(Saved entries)
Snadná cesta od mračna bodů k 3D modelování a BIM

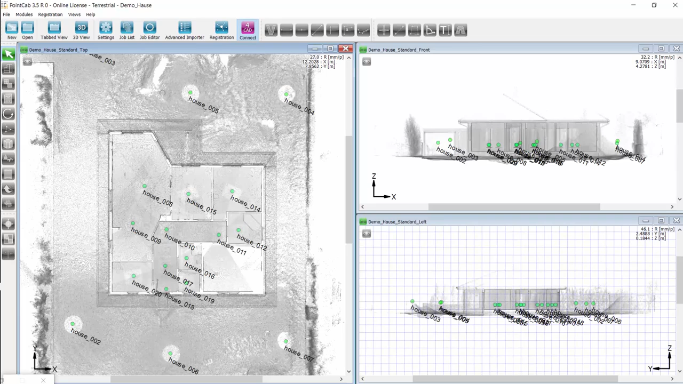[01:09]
We can navigate much better in a simple floor plan than having to do this within a point cloud.
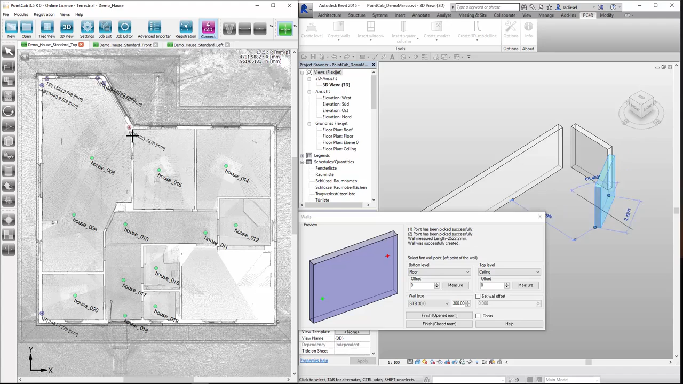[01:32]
The plug-in connection into the CAT system transfers the required coordinates without us having to worry about processing point cloud data. Let's check the time shortly.
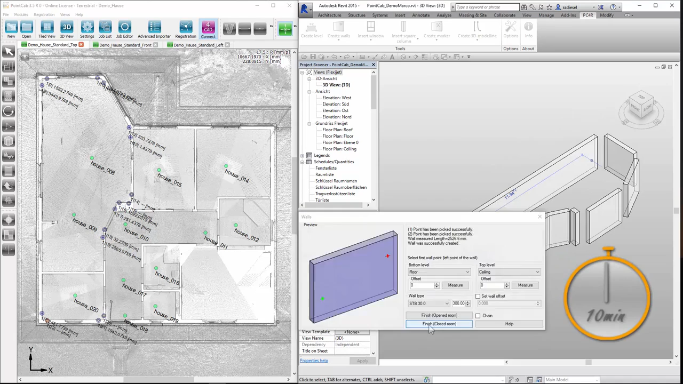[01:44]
Only 10 minutes until all walls are modeled precisely.
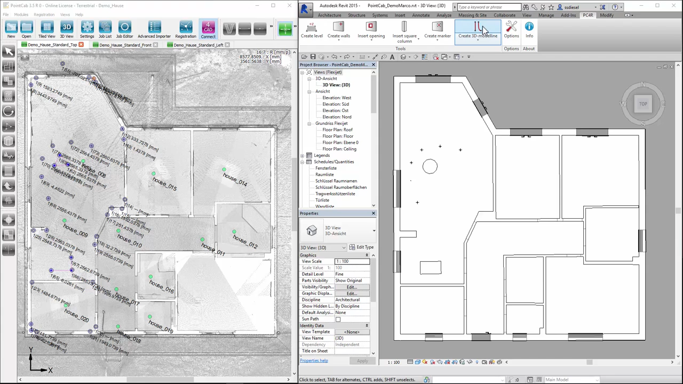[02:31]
First, the line tool. Then move to the floor plan and adapt the line. Let's check the time again.
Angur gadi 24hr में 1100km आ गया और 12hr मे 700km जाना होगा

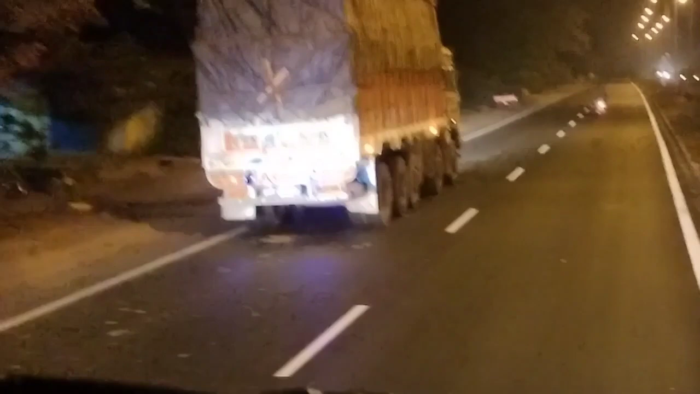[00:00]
The more of the Hong Kong is gone and there are two Hong Kong's cars going on. They are going off and going on. This is WB11C431 is driving by the number of WB11C431. It's driving by the number of WB11C431. We should still be able to keep it on the number of WB11C431.
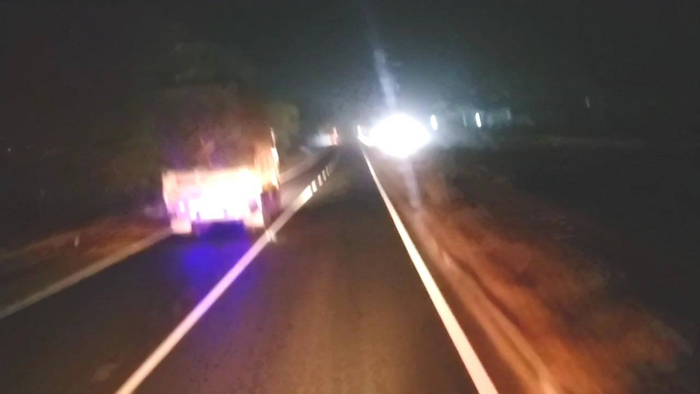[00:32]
The bus driver is driving across the bus. The bus driver is driving behind the bus.
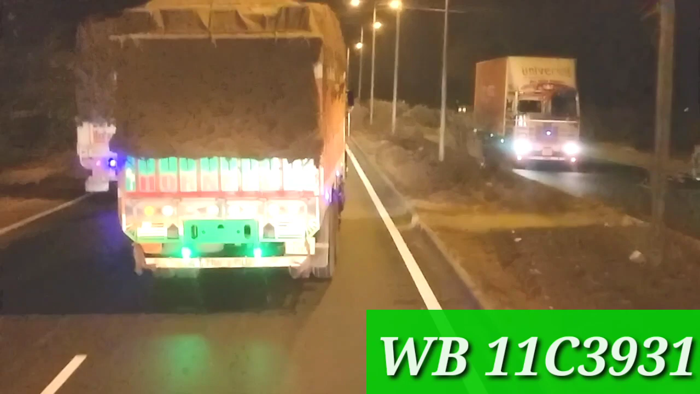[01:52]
This is WB11C431. It's going to be 7.

* [Task description]:
Each entry must be reproduced word for word, and any image among them left out.

* [Exercise response]:
Snadná cesta od mračna bodů k 3D modelování a BIM

[01:09]
We can navigate much better in a simple floor plan than having to do this within a point cloud.
[01:32]
The plug-in connection into the CAT system transfers the required coordinates without us having to worry about processing point cloud data. Let's check the time shortly.
[01:44]
Only 10 minutes until all walls are modeled precisely.
[02:31]
First, the line tool. Then move to the floor plan and adapt the line. Let's check the time again.
Angur gadi 24hr में 1100km आ गया और 12hr मे 700km जाना होगा

[00:00]
The more of the Hong Kong is gone and there are two Hong Kong's cars going on. They are going off and going on. This is WB11C431 is driving by the number of WB11C431. It's driving by the number of WB11C431. We should still be able to keep it on the number of WB11C431.
[00:32]
The bus driver is driving across the bus. The bus driver is driving behind the bus.
[01:52]
This is WB11C431. It's going to be 7.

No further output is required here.